Your assignment:
Start to finish, write out the entries exactly, leaving the pictures aside.

Data entries
○ ○ ○ ○ ○ ○ ○

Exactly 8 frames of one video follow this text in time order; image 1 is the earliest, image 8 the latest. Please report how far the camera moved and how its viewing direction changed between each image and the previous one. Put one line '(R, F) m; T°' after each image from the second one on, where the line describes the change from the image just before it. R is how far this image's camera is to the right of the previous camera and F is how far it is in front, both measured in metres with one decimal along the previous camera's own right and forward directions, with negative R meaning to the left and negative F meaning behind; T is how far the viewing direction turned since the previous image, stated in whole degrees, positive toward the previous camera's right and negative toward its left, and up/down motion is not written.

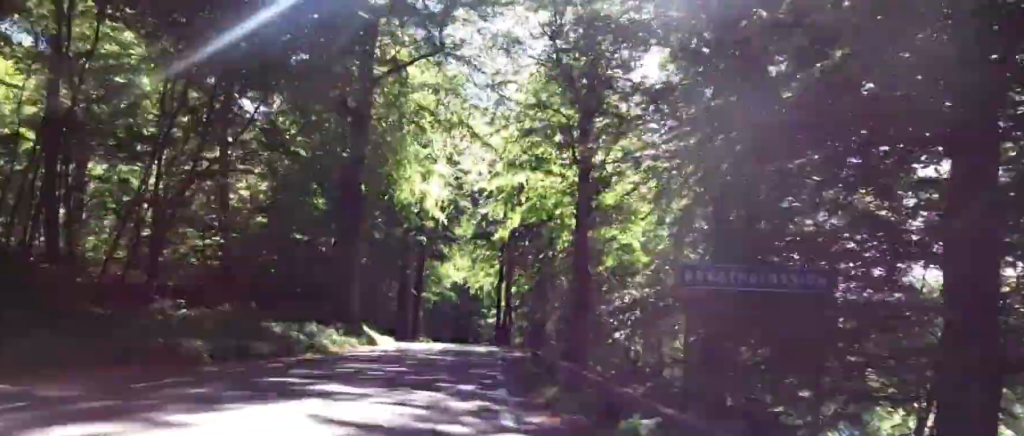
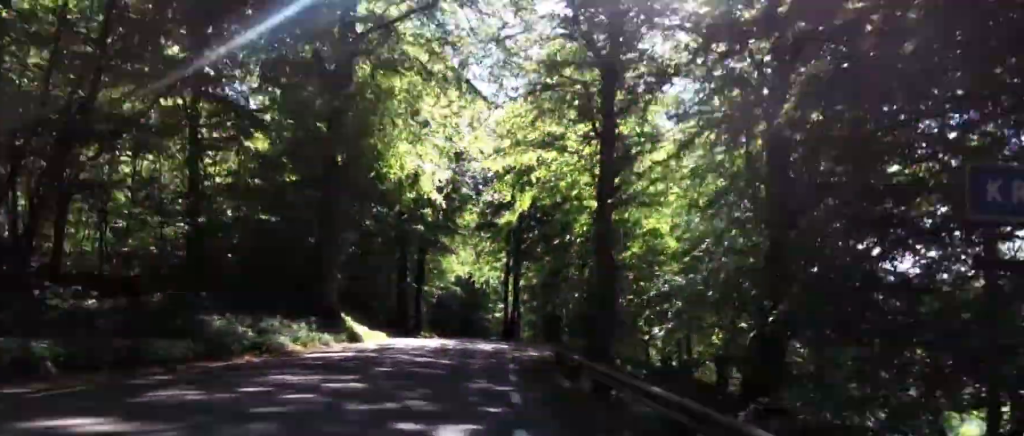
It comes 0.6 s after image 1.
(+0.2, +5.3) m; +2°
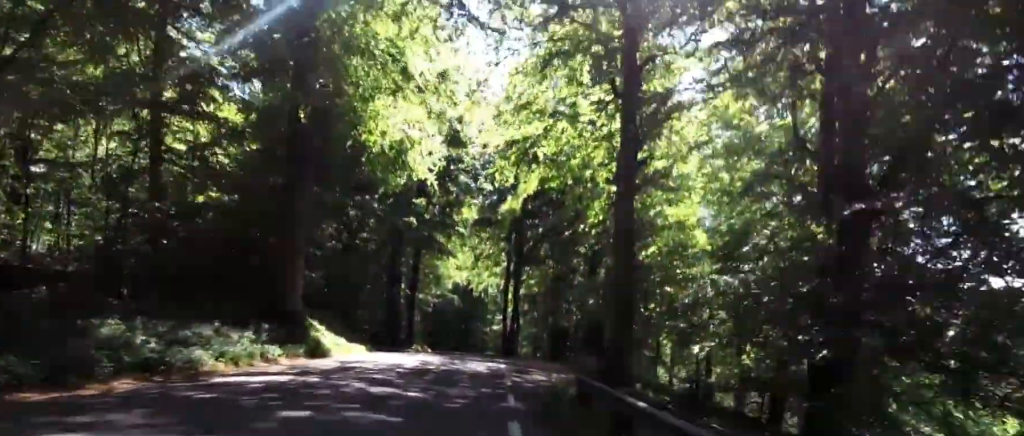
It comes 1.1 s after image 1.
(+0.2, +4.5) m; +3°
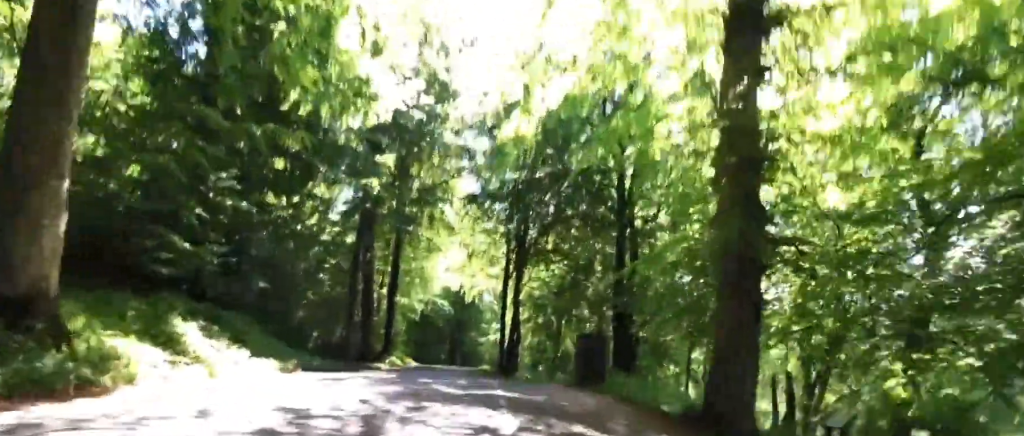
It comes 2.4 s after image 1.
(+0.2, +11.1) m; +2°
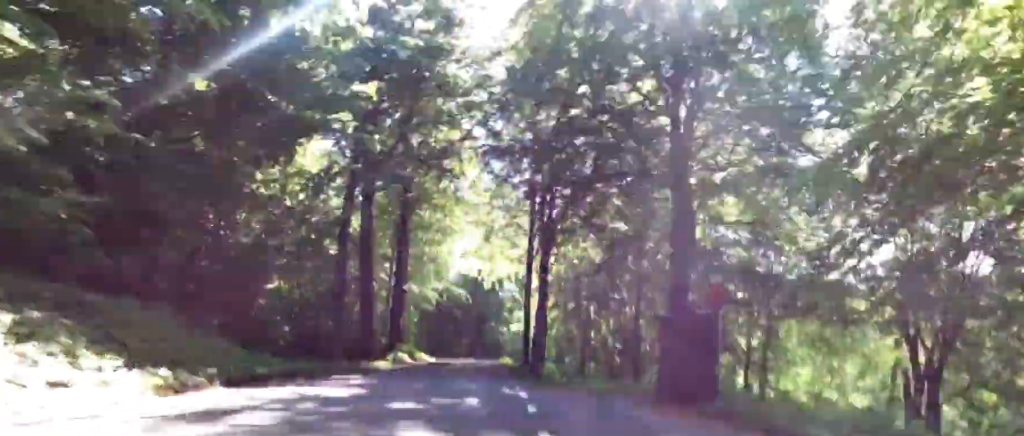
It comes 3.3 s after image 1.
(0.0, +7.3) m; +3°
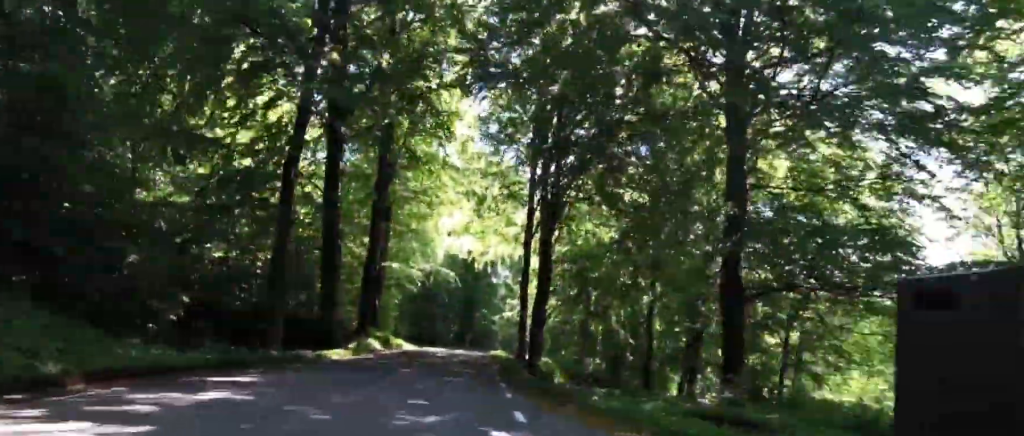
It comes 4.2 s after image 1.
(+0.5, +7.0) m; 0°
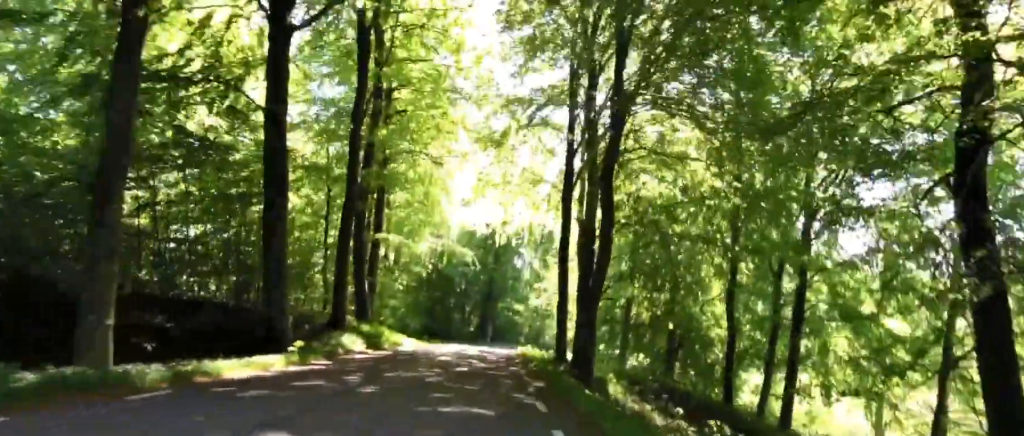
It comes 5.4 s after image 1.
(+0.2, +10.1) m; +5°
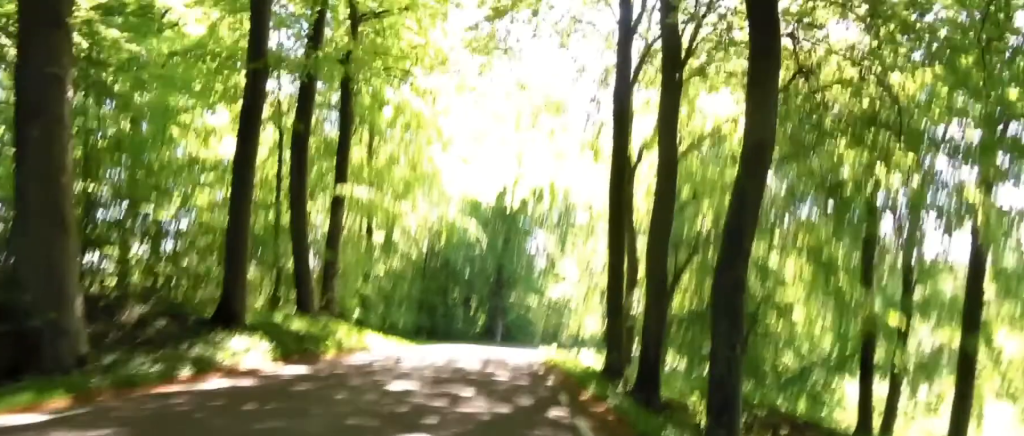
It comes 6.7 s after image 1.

○ ○ ○ ○ ○ ○ ○

Solution:
Exactly 8 frames of one video follow this text in time order; image 1 is the earliest, image 8 the latest. Please report how far the camera moved and how its viewing direction changed between each image and the previous one. Put one line '(R, F) m; T°' after each image from the second one on, where the line describes the change from the image just before it. R is how far this image's camera is to the right of the previous camera and F is how far it is in front, both measured in metres with one decimal along the previous camera's own right and forward directions, with negative R meaning to the left and negative F meaning behind; T is how far the viewing direction turned since the previous image, stated in whole degrees, positive toward the previous camera's right and negative toward its left, and up/down motion is not written.

It comes 0.6 s after image 1.
(+0.2, +5.3) m; +2°
It comes 1.1 s after image 1.
(+0.2, +4.5) m; +3°
It comes 2.4 s after image 1.
(+0.2, +11.1) m; +2°
It comes 3.3 s after image 1.
(0.0, +7.3) m; +3°
It comes 4.2 s after image 1.
(+0.5, +7.0) m; 0°
It comes 5.4 s after image 1.
(+0.2, +10.1) m; +5°
It comes 6.7 s after image 1.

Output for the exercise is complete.